Black Springs Community Center
Moved to Black Springs in 1970, the renovated house became an important community hub.

This site is part of the Black Springs tour, a partnership with Our Story, Inc. Visit the Tours page for the tour introduction and complete list of sites.
Black Springs did not have a community center of its own until 1970, when the neighborhood's youth group, P.O.W.E.R. (People Organized to Work for Equal Recognition) took the lead to establish one. The group had been organized in May of 1969. Its officers were Thurman Carthen Jr., President; Keith Carthen, Vice President; and Helen Townsell, Secretary/Treasurer. The Advisory Council consisted of Larry Westbrook, Chairman, and members Anthony Townsell and Debra Lobster. At first, they met at the home of Andy Gordon, a VISTA volunteer who became like a big brother to the neighborhood's kids.

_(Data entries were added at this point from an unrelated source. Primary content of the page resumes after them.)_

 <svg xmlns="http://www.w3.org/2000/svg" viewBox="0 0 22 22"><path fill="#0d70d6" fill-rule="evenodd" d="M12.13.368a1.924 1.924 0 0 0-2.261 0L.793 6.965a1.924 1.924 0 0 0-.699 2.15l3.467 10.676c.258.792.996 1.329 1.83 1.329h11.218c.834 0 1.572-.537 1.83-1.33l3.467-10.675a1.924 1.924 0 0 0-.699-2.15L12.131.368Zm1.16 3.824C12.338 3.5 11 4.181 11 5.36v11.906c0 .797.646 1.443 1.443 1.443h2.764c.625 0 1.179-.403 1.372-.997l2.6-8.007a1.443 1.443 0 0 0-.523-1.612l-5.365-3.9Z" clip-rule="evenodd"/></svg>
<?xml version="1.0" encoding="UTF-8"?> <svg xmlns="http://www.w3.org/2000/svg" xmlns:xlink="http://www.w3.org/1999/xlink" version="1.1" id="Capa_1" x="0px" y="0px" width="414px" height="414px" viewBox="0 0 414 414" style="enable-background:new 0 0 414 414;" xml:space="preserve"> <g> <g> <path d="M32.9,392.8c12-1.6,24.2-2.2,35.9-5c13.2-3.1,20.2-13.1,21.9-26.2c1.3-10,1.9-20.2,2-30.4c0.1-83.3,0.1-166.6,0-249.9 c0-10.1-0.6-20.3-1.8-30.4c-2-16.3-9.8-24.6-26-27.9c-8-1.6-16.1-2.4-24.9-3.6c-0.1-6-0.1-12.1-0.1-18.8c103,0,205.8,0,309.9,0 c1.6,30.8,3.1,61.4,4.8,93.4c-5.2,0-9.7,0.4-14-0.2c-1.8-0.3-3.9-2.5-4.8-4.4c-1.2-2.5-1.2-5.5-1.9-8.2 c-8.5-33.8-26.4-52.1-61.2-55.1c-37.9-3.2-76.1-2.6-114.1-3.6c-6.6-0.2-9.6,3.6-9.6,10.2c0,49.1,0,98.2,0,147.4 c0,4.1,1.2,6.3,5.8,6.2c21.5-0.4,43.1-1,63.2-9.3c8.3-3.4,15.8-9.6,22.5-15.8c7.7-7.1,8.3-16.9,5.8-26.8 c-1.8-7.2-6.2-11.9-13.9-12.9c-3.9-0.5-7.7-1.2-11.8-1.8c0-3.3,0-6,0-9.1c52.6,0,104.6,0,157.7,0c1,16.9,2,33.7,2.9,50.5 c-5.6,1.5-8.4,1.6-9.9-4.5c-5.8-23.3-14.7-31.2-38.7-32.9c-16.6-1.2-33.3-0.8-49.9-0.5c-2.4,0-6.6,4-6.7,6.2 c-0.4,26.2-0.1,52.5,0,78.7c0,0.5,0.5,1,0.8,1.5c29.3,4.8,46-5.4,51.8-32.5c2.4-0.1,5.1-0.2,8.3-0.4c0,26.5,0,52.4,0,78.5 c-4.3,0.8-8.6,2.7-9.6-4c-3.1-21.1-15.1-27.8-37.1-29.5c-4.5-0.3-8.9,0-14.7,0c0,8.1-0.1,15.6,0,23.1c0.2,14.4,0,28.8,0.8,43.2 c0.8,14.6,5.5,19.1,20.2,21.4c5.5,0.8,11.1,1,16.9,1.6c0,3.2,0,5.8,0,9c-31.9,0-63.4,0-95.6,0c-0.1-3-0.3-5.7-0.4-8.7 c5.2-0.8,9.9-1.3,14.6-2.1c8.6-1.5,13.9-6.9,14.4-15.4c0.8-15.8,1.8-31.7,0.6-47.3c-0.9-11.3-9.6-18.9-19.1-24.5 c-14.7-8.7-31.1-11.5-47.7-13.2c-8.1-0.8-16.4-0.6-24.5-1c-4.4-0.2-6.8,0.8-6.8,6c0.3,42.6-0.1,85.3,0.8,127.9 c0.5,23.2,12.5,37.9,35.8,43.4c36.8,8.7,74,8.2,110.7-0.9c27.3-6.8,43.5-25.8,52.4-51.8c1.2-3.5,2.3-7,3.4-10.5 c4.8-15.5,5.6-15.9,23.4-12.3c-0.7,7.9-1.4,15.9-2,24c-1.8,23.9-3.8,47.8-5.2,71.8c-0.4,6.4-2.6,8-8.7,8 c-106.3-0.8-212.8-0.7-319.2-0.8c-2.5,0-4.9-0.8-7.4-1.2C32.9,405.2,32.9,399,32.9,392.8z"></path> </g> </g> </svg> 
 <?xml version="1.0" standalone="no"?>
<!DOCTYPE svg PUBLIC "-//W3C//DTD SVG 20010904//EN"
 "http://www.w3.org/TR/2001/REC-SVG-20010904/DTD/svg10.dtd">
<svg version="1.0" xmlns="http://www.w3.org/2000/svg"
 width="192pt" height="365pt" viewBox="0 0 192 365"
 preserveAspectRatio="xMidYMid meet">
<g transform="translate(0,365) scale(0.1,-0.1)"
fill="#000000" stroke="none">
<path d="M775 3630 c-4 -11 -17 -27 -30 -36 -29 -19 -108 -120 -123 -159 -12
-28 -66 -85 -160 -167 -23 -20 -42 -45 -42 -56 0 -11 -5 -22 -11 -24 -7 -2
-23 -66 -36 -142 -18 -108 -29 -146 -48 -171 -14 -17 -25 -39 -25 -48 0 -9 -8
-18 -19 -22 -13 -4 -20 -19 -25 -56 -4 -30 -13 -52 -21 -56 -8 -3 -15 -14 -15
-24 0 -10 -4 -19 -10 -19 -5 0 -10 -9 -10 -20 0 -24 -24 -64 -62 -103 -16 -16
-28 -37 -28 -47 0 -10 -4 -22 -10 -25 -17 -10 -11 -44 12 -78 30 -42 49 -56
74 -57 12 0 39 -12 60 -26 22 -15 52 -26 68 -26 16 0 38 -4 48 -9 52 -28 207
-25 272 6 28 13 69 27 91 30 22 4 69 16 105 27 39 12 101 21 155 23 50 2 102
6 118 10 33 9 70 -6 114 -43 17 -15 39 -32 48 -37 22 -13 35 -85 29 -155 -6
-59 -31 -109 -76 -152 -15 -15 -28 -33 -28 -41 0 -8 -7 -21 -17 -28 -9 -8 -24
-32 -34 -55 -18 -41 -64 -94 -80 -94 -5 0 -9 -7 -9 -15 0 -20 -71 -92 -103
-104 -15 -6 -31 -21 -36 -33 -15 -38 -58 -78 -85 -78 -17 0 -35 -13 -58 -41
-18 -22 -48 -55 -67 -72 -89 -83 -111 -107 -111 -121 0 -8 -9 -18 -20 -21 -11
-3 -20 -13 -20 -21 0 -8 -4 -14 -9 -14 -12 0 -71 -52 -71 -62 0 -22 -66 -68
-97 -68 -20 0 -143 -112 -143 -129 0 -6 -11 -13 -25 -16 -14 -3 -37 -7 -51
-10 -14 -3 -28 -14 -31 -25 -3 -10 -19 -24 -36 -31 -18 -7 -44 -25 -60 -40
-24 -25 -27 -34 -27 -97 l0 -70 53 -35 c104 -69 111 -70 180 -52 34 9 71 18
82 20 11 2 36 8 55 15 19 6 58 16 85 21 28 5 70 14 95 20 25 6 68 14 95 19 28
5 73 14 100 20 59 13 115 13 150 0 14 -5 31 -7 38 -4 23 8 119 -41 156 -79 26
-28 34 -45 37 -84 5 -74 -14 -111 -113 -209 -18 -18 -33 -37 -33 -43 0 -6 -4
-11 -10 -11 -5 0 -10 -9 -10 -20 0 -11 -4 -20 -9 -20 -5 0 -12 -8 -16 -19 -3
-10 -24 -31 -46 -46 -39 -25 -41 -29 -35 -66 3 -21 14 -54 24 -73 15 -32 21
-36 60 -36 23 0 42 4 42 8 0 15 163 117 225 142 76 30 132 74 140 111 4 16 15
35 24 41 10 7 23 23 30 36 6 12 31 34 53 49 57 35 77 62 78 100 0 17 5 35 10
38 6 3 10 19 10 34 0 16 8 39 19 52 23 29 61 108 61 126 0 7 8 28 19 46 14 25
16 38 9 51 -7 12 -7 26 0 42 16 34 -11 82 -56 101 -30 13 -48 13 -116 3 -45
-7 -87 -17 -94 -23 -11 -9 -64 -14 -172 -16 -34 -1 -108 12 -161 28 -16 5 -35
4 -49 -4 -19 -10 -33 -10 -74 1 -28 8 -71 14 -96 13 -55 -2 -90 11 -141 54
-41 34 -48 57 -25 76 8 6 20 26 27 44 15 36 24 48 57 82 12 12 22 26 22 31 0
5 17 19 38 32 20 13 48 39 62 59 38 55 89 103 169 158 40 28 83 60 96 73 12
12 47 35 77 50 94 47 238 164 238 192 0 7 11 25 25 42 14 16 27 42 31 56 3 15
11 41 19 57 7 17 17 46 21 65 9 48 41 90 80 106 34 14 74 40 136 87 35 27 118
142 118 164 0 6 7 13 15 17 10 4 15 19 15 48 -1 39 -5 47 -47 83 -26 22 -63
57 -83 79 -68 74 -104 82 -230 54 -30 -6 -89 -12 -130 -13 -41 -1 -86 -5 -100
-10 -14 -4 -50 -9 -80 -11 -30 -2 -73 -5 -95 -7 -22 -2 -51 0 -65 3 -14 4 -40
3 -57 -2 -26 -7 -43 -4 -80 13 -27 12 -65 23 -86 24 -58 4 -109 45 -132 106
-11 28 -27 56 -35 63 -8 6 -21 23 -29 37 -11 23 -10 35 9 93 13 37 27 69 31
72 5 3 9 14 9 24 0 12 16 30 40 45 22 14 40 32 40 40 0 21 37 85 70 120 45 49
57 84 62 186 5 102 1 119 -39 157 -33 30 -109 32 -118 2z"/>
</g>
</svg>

Local developer George A. Probasco had donated 6.3 acres of land to Washoe County for a community center and playground in 1969. With Andy's help, the members of P.O.W.E.R. purchased a house from the State Highway Department (which the agency had obtained through condemnation) in 1970 for $500 and had it moved from the Coney Island area to Black Springs. There, residents and other volunteers undertook the extensive renovation required to turn it into a functional community center. A social science class at the University of Nevada donated new windows.
The park where the building sits was originally known as the Black Springs Community Park. In July of 1970, the president of P.O.W.E.R., Thurman Carthen, asked the Washoe County Board of Commissioners to name the park "after a Black leader," offering as suggestions Hiram Huey, Martin Luther King Jr., and Eldridge Cleaver. The following month the Commission complied, naming it Martin Luther King, Jr. Memorial Park. To create the playground, the Reno Thrift Club donated swings, and the Reno Arch Lions funded a small merry-go-round, Sierra Paving donated asphalt for a basketball court, and Reno Iron Works provided the basketball hoops.
The Center quickly became the home of a branch of the Head Start program for the neighborhood's preschool children. Black Springs never had its own schools, so school-age children were bused into Reno. In 1972, volunteers secured books to open a library inside the center.
A new community center building was constructed on the site in 1983 and named for Helen and Ollie Westbrook in 2006.